■ Instructions to follow ■
In the entries that follow, how many lines contain "store"? Please reply with only the number.
*** Listed records ***
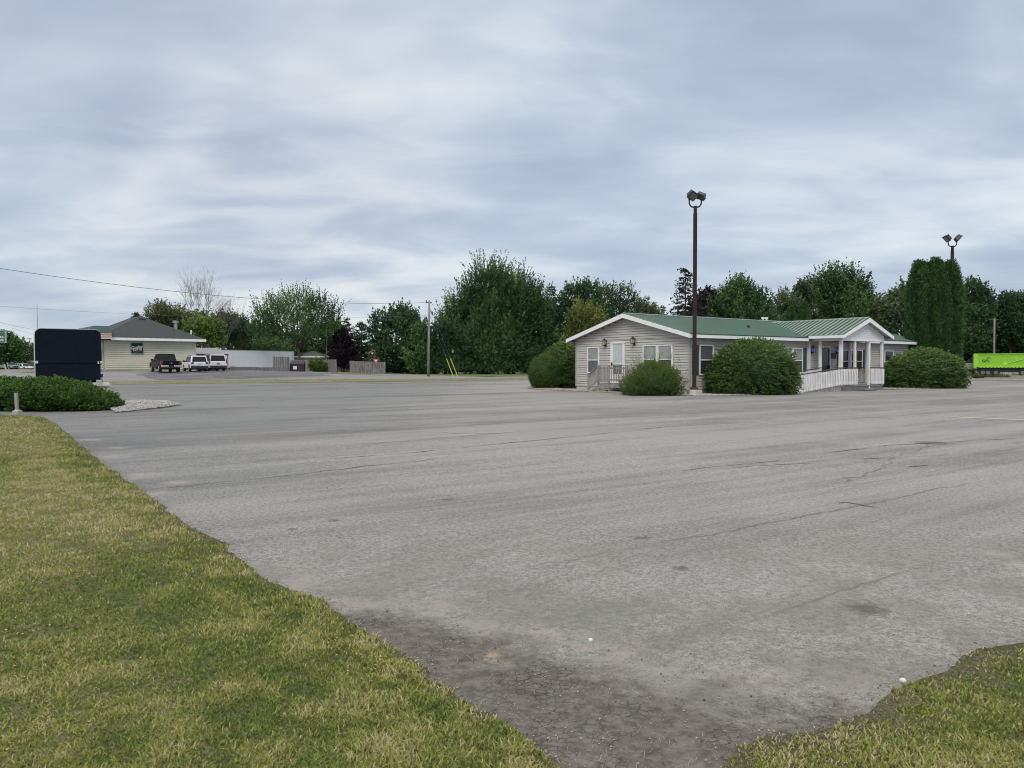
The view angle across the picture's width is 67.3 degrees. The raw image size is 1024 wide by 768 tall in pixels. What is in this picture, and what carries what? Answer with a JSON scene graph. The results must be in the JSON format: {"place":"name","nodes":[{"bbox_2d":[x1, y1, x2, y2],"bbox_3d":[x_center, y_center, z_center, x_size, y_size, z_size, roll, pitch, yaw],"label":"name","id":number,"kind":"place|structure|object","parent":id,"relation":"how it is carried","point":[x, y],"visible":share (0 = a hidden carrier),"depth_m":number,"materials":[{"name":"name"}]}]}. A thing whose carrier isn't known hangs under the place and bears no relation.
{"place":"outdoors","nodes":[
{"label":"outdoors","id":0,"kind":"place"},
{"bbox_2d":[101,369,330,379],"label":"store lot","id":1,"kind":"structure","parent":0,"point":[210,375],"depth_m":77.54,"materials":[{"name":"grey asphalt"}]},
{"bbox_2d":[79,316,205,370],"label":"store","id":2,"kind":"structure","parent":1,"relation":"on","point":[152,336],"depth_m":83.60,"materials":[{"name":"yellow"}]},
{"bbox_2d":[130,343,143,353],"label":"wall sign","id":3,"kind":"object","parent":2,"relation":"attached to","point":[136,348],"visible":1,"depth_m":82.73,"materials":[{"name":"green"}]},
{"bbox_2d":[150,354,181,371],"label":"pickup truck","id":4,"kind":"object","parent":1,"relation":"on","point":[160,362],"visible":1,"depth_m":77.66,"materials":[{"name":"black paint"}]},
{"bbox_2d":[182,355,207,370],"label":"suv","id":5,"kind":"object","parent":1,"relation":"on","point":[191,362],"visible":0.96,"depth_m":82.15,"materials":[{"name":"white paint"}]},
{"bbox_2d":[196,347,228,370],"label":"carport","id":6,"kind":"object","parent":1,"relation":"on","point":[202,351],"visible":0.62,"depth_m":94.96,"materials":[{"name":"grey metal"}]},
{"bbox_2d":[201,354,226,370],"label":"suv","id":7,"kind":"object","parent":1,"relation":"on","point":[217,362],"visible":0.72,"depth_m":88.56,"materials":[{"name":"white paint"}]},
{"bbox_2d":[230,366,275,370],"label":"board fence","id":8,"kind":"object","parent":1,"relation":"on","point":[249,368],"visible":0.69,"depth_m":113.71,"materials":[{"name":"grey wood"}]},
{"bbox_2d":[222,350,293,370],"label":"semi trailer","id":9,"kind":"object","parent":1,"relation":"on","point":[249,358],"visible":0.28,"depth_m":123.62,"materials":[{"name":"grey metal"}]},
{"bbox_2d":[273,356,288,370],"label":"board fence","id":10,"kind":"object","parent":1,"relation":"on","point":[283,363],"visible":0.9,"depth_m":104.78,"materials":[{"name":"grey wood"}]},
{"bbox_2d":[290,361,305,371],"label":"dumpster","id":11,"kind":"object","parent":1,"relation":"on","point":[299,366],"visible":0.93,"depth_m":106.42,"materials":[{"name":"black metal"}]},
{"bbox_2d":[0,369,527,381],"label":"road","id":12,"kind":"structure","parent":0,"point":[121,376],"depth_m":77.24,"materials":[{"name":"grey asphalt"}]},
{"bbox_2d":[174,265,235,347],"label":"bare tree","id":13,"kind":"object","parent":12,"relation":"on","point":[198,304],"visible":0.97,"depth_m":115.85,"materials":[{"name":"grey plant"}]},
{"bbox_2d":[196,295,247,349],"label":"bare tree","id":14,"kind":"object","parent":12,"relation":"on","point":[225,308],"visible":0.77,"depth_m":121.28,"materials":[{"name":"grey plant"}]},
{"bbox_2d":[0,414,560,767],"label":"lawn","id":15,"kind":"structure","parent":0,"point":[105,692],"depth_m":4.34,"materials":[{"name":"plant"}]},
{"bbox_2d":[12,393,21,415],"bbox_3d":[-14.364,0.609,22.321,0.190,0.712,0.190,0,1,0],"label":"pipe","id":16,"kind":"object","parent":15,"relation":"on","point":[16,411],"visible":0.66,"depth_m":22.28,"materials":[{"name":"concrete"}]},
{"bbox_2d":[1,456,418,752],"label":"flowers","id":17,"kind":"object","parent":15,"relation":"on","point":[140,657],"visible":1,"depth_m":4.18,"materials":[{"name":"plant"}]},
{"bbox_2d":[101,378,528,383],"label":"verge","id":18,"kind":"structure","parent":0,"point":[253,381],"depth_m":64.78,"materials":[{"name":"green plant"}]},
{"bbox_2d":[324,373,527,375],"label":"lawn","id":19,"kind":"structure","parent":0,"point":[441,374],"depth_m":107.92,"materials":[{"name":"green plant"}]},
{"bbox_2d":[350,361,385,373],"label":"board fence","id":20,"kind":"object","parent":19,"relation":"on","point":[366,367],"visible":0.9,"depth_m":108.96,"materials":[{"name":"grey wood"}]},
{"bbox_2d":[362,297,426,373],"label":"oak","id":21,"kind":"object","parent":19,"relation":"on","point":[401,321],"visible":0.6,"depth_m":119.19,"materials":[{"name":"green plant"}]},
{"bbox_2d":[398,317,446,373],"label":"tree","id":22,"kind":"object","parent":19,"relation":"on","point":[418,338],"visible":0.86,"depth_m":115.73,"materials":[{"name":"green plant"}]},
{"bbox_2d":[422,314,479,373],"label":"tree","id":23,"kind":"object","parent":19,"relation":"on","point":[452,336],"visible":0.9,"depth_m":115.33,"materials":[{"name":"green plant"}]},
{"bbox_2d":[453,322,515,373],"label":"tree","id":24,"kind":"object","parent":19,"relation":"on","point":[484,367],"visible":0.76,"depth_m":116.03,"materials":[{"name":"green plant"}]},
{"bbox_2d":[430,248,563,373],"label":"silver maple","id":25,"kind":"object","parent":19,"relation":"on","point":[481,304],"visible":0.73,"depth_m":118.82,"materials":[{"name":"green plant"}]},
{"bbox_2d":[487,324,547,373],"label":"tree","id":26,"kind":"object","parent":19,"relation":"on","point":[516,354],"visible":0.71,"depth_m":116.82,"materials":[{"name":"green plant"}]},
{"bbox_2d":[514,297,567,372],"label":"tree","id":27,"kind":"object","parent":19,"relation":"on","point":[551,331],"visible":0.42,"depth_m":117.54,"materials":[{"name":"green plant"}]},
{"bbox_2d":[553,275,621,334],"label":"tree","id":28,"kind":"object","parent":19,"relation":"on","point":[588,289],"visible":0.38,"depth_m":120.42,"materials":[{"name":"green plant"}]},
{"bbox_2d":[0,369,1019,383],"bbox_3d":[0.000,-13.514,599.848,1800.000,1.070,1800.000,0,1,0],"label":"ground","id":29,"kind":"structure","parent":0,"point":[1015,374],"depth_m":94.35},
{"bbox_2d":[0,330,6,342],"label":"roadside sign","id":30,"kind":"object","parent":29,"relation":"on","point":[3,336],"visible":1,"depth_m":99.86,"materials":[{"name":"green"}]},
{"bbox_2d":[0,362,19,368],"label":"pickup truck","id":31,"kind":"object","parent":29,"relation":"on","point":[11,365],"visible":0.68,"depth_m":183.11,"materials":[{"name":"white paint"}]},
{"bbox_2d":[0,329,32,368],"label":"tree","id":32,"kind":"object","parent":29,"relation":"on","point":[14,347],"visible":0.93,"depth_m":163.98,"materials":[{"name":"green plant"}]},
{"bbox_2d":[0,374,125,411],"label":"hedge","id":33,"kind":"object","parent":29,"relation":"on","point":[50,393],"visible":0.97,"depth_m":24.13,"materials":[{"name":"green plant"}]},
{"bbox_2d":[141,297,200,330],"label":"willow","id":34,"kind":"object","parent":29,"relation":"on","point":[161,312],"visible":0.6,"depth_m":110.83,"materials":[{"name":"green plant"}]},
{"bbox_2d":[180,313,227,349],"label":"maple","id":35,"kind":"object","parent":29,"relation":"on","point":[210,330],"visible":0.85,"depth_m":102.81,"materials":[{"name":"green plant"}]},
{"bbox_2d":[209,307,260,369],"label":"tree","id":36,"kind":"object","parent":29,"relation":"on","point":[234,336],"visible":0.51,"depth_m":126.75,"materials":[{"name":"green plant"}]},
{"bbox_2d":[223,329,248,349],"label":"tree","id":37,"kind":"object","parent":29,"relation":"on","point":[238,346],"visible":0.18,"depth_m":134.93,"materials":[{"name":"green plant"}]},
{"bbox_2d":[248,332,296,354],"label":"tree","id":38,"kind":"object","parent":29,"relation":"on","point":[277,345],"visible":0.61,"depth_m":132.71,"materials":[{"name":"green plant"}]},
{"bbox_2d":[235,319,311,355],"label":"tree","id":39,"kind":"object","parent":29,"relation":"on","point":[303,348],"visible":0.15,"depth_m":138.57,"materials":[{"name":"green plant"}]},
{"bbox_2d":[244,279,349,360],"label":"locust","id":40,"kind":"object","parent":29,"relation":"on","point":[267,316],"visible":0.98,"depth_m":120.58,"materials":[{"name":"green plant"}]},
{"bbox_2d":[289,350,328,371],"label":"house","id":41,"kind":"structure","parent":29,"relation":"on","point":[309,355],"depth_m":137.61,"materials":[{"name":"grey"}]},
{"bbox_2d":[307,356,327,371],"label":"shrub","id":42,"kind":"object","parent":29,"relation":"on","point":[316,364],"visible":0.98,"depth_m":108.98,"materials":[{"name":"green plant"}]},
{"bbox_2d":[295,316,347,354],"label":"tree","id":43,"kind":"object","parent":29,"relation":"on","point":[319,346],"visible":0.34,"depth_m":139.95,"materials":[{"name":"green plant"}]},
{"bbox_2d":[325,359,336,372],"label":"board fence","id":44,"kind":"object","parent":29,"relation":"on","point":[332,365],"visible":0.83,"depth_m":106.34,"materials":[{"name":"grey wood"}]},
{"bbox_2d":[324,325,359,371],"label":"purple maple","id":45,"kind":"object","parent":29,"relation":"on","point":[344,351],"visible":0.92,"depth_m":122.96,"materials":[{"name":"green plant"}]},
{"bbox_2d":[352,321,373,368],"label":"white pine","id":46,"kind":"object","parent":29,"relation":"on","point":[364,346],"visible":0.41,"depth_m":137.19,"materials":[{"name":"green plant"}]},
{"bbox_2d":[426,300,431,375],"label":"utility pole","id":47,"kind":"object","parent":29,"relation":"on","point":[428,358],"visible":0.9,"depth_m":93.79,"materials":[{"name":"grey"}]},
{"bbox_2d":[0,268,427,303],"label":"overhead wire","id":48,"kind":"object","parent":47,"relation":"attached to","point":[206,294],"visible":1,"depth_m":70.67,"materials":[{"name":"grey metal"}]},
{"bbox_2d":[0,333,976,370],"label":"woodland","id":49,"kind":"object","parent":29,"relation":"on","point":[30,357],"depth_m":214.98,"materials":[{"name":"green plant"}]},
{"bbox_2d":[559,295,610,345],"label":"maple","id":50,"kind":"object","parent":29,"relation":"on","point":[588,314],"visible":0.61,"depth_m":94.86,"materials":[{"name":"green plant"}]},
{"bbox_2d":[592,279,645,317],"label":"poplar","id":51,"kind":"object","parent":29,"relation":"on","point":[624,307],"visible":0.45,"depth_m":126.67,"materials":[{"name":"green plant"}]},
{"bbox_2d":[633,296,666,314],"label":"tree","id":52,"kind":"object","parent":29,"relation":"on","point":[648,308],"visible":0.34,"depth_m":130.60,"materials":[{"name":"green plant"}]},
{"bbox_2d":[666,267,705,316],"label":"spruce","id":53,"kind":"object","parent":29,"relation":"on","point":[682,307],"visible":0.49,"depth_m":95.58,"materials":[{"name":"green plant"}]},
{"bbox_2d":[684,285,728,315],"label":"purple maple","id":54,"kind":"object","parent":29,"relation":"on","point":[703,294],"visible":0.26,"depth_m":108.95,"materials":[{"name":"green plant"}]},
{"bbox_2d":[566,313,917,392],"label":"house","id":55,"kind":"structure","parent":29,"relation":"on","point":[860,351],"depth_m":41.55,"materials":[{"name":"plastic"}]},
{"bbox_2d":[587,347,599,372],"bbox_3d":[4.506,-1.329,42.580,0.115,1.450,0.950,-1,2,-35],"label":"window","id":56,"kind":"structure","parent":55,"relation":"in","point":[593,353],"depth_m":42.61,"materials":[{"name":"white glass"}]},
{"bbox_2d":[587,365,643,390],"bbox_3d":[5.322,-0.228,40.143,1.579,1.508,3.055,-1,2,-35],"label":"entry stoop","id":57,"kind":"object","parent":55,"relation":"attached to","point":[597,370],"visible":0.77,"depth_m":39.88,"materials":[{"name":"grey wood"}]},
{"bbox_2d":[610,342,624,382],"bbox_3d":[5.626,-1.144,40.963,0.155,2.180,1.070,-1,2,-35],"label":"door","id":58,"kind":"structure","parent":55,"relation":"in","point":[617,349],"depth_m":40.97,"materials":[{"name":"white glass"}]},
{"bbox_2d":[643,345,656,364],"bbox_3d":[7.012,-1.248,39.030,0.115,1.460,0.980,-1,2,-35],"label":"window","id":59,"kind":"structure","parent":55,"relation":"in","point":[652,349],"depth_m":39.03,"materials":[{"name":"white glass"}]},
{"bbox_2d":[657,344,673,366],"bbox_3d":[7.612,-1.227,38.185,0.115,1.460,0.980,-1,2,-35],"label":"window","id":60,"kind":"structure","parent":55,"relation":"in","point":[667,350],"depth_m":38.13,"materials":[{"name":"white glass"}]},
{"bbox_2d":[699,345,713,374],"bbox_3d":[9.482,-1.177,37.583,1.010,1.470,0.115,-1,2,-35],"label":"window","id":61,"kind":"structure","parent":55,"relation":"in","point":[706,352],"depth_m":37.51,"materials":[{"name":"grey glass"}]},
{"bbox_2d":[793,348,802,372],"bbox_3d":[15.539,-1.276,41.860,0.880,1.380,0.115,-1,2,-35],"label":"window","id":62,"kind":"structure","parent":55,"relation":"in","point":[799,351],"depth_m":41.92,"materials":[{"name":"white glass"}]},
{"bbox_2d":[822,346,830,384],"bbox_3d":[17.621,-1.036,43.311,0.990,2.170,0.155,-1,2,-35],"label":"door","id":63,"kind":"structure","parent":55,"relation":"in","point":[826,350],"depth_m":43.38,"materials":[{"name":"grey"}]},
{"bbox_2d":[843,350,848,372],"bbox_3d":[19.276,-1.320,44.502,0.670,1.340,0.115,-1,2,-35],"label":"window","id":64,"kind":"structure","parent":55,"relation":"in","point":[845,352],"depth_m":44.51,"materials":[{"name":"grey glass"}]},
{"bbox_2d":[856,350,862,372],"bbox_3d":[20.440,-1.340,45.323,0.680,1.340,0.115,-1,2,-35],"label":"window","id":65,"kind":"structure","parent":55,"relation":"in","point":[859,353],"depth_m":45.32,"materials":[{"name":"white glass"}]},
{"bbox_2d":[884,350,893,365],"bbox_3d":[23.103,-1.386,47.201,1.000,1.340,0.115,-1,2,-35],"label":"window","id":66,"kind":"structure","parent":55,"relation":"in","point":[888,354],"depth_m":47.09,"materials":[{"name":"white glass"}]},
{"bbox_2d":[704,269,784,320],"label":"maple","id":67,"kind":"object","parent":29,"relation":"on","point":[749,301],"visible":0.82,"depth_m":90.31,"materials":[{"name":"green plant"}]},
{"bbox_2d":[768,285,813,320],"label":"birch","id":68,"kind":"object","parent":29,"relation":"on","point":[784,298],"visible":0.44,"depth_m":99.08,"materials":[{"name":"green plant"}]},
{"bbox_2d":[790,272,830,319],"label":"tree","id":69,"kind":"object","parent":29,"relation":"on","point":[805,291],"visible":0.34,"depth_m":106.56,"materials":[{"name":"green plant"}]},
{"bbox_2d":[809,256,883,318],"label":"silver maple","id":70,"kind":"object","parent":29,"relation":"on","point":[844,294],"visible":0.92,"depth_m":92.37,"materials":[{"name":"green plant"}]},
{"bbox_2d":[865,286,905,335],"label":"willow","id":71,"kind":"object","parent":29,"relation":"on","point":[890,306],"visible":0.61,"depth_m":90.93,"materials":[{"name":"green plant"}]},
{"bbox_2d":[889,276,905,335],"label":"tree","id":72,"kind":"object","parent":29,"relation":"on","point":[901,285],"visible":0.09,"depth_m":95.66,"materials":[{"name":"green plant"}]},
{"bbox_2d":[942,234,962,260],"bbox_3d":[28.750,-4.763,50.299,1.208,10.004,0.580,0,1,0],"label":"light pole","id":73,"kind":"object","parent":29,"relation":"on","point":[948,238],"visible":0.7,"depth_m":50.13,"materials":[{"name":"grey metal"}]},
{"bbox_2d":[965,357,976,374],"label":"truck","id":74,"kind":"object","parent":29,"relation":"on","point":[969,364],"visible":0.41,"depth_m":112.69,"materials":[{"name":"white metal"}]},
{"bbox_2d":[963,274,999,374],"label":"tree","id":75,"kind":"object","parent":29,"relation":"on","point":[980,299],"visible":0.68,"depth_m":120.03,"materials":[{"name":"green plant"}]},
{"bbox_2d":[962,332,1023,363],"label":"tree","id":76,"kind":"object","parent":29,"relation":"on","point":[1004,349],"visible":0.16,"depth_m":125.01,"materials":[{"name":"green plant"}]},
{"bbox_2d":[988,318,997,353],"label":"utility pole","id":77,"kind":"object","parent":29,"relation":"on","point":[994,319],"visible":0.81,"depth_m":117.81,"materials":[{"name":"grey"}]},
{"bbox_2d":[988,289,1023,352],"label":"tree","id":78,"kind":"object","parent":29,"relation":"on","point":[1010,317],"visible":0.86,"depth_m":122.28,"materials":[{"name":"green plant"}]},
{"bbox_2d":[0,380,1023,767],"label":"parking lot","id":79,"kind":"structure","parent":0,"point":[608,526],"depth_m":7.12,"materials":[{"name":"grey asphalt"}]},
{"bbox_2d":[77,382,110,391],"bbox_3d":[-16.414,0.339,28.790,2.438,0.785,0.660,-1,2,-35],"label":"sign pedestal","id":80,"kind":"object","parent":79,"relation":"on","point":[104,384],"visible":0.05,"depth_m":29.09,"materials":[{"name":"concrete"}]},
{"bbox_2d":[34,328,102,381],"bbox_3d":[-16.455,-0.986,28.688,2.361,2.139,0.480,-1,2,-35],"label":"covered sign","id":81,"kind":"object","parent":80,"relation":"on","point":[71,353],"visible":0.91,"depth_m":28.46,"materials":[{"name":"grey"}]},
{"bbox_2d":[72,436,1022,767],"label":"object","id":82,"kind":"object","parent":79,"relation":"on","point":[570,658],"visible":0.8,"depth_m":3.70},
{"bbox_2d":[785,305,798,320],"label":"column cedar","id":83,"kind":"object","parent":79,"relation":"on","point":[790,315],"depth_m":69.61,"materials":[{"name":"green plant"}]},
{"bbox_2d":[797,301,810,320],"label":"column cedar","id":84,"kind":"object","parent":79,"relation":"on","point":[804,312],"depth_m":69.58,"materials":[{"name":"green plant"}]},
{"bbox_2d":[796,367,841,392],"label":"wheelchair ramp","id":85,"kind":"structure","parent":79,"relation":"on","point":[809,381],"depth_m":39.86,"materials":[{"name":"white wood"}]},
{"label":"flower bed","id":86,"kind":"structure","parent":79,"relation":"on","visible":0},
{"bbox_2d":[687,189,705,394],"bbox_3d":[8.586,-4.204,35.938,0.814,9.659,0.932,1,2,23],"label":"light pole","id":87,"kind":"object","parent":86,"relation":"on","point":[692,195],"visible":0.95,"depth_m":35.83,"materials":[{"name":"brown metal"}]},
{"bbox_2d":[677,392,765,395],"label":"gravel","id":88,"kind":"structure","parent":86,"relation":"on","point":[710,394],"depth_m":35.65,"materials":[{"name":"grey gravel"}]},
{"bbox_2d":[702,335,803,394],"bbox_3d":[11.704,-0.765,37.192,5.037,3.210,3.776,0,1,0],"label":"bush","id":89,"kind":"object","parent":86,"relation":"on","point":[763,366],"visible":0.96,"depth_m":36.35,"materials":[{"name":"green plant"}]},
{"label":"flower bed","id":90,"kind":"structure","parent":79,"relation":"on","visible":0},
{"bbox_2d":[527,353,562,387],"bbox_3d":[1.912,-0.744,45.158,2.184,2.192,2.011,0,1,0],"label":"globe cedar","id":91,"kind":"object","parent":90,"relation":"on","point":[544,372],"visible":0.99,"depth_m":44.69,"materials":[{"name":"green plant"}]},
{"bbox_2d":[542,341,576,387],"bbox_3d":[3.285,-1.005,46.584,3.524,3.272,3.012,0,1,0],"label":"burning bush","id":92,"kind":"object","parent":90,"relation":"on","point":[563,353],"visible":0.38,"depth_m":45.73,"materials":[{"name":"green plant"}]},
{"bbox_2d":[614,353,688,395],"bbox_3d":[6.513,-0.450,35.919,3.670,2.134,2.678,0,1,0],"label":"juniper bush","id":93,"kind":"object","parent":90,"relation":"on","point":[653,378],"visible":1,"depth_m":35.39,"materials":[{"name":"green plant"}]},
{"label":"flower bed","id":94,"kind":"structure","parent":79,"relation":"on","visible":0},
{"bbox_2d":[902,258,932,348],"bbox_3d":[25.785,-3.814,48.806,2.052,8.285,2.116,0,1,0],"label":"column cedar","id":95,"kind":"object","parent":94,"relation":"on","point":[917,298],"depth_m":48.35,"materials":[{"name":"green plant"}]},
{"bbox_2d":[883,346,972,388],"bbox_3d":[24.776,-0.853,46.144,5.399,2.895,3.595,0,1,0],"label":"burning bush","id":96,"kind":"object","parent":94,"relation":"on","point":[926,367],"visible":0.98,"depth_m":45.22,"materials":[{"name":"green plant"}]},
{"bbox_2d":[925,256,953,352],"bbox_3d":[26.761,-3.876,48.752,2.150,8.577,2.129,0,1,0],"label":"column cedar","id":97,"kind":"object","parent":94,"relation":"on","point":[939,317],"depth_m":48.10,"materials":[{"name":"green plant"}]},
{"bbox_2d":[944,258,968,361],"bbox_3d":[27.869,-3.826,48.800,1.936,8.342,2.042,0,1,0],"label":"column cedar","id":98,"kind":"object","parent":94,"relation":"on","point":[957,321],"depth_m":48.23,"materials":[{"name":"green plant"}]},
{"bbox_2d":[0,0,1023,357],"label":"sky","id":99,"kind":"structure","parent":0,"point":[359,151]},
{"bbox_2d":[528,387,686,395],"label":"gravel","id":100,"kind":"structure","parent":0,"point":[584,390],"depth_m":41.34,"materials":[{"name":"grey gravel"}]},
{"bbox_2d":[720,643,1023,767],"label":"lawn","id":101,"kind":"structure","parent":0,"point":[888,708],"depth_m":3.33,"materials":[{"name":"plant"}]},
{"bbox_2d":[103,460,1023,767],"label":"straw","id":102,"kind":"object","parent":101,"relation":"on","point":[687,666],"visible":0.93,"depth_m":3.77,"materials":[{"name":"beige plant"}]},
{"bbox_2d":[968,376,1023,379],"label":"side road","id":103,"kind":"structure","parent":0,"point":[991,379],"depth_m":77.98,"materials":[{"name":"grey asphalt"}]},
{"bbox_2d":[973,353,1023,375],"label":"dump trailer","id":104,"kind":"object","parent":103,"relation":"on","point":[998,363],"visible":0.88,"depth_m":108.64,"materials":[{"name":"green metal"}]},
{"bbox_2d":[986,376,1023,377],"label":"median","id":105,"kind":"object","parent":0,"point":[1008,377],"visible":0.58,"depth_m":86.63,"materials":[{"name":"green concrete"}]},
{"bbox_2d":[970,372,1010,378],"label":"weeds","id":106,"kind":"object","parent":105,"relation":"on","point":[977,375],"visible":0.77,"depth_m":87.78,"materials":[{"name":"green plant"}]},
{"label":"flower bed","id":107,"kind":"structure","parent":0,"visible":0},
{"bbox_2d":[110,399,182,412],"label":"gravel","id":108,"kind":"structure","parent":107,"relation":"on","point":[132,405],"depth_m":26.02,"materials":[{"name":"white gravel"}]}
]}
*** End of Listed records ***
■ Your solution ■
2